I love sleeping late. Love it. Even in Ireand. We didn’t even go down for breakfast until nearly 9 and then spent time walking through the shops in Donegal.
Before heading out of town we stopped for a latte at a wee tea room. Caffeine wasn’t our only coffee shop priority. We needed wifi to get in touch with our fabulous friends at the Adelphi again. Nicola was very kind to have a shirt and jacket we left sent ahead to Dingle for us.
We’re all feeling very relaxed despite covering a lot of ground working our way from Dublin, up the east coast, through the North and Northwest in just six days. I certainly have developed a love for the north. Antrim is stunning and Donegal is remote and wild. There were long sections that were trickier than normal to navigate as the signs were only in Gaelic.
Tonight we’ve landed in Westport, Co. Mayo. I’m writing from the back room of Matt Molloy’s pub in the center of town. Molloy is the flutist for the Chieftans and every guide book (and our B&B keeper) said this is the place to be for trad (traditional) music. It shouldn’t start for an hour or so and we’re resting and hiding from the rain.
- Lovely drive though Mullaghmore’s country side. My history-loving husband was enamored by a castle on a hill.
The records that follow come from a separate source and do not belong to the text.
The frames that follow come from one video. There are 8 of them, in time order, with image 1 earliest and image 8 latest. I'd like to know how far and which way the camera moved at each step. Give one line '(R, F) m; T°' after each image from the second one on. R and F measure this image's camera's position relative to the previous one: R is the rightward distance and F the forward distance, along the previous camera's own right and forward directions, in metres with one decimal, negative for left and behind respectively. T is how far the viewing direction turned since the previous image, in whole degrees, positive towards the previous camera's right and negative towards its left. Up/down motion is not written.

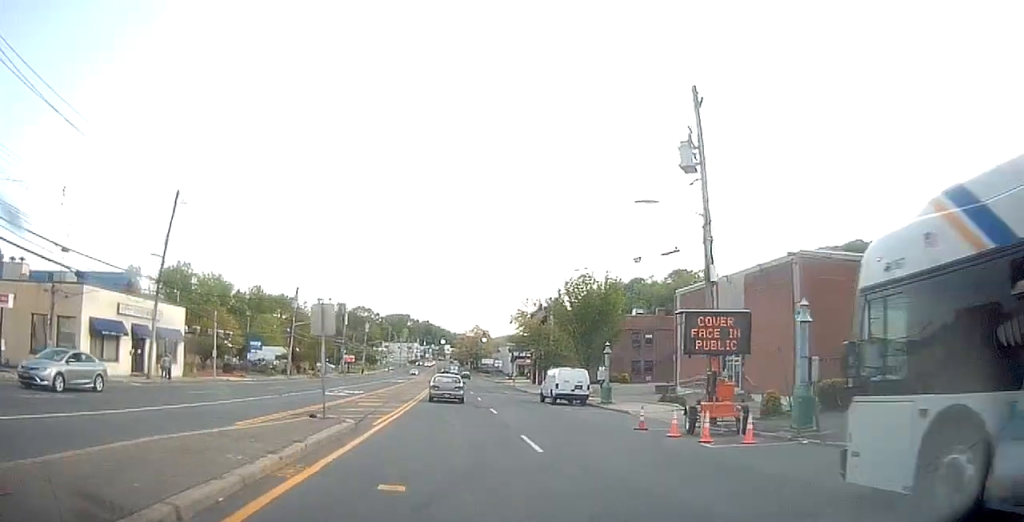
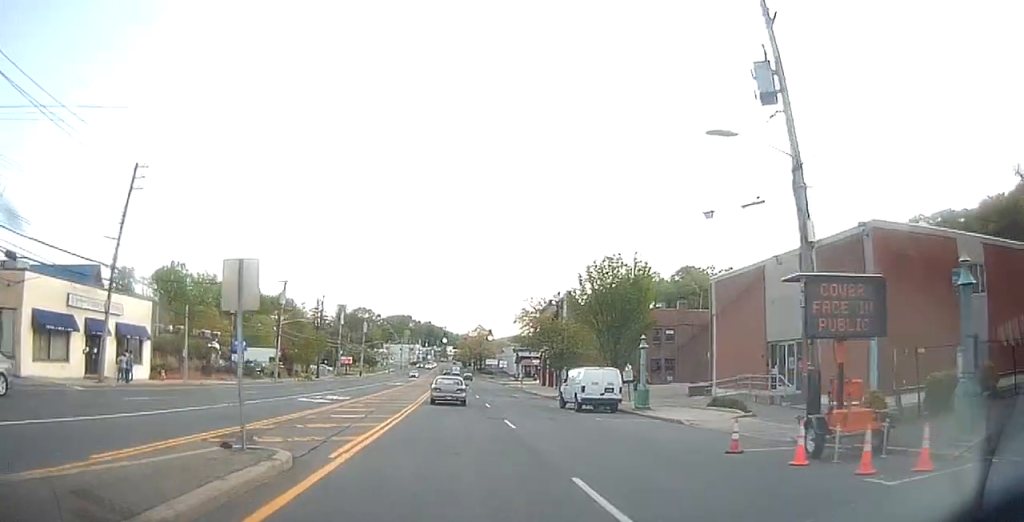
(+0.1, +6.1) m; 0°
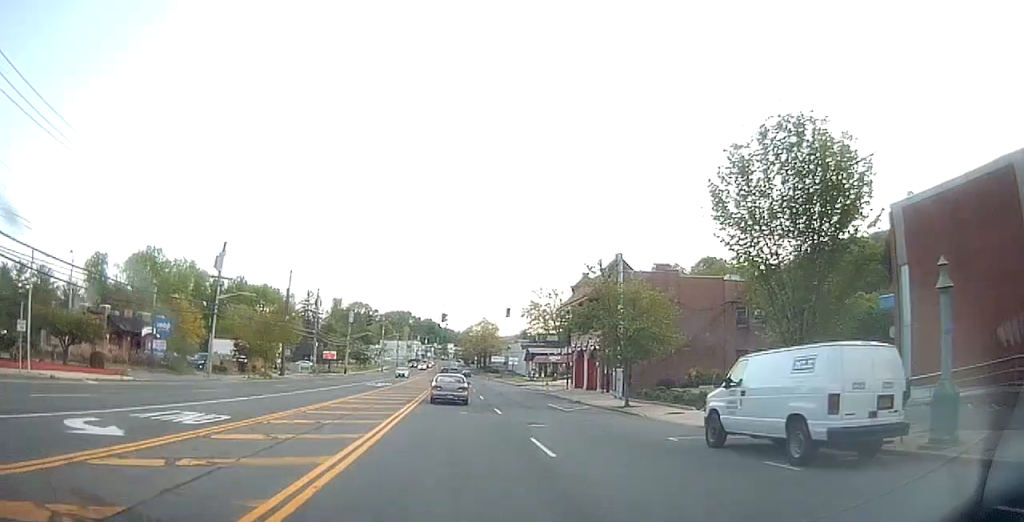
(+0.2, +18.9) m; +1°
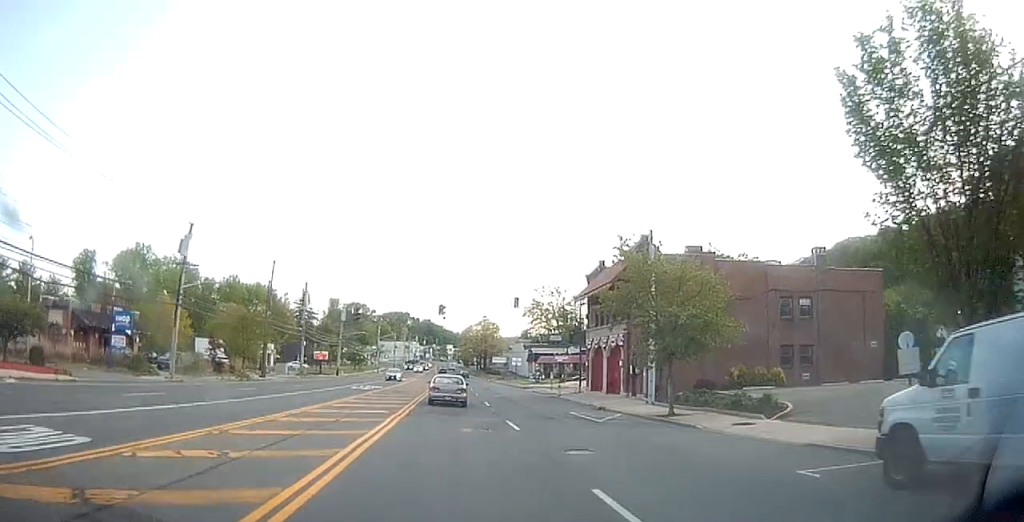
(0.0, +6.4) m; 0°
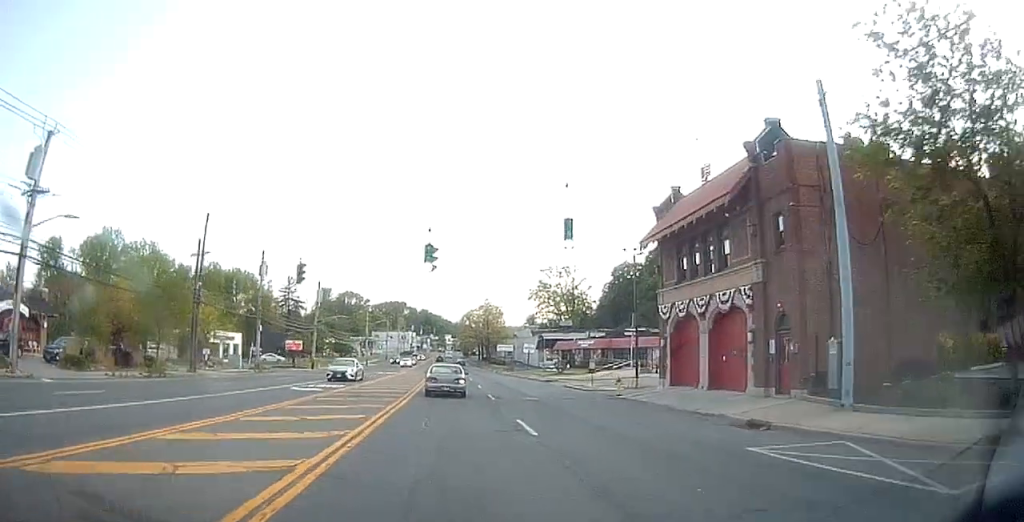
(+0.1, +17.1) m; 0°
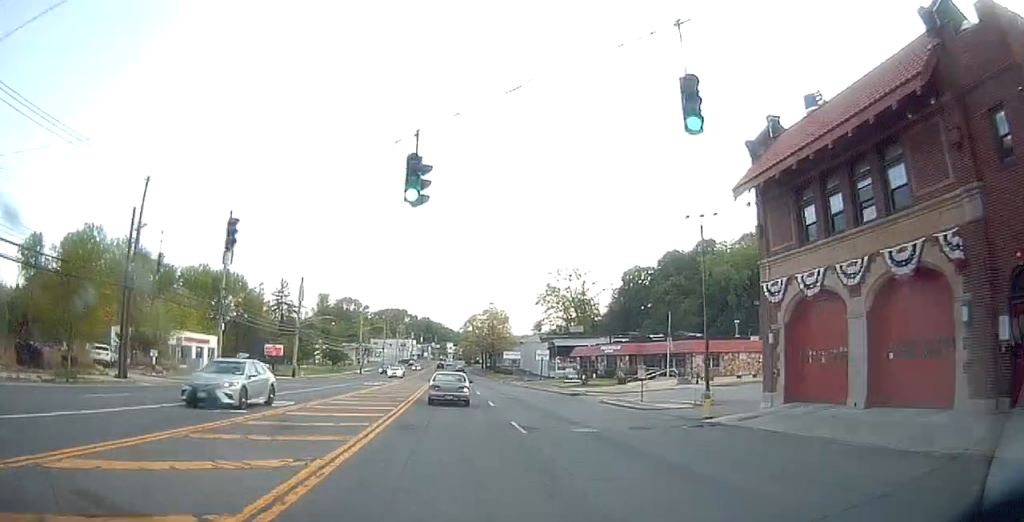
(-0.1, +10.7) m; 0°
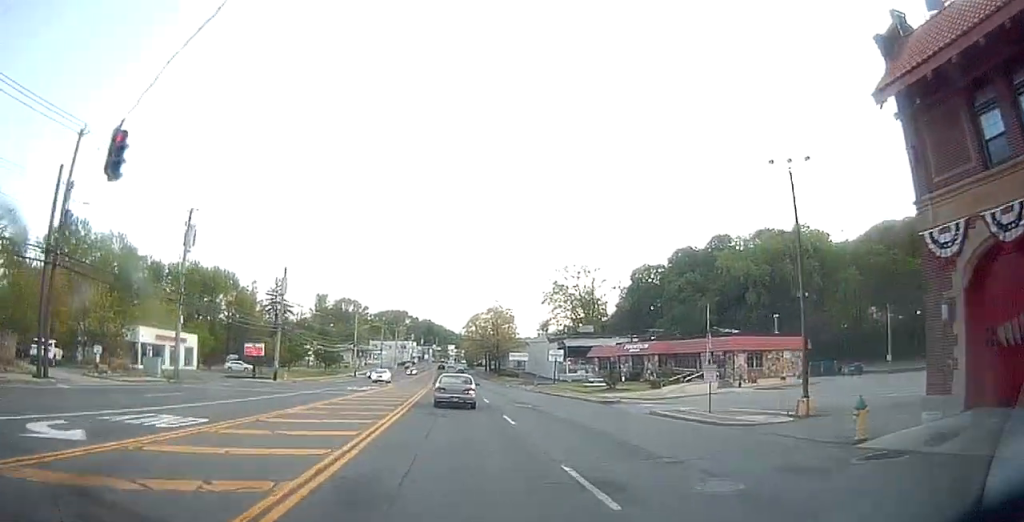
(0.0, +8.4) m; 0°
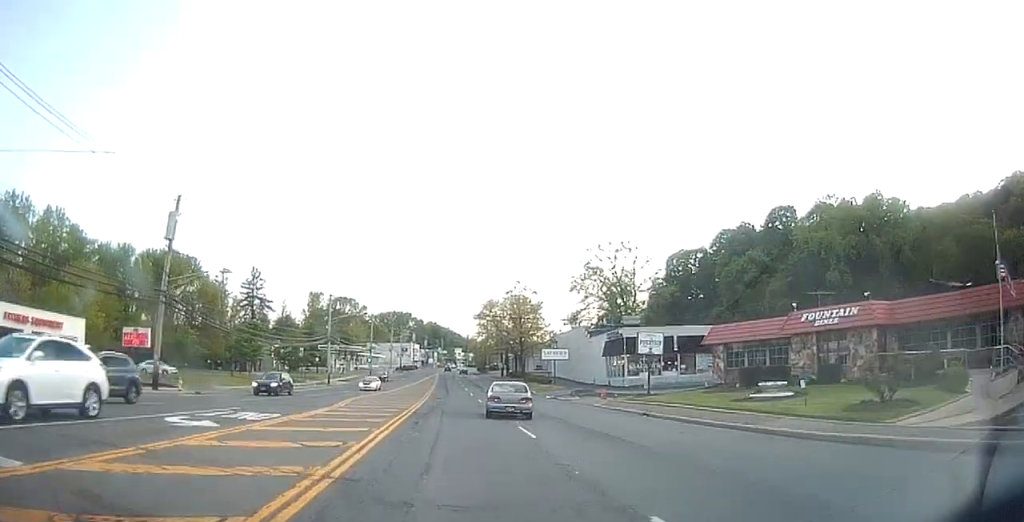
(-0.3, +29.1) m; -2°

Turns out it was most recently the home of the ill-fated Lord Mountbatten. Stunning from a distance, but still closed to the public.
- Sligo! Busy city, home of Yeats. We just did a drive through.
- Tubbercurry for lunch at a small, lovely hotel.
- Foxford Woolen Mills shop in Foxford.
- Exploring Westport!
- Talking to a local jeweler about the Claddagh ring Scott bought me in Connemara several years ago. Turns out that it is very rare because the center heart is carved from Connemara marble, which I did not know is rather difficult to do.
- Dinner with the family at Wyatt’s Hotel. Delish.
- Checking in to our B&B, Willow Lodge, which is fantastic. More on that tomorrow.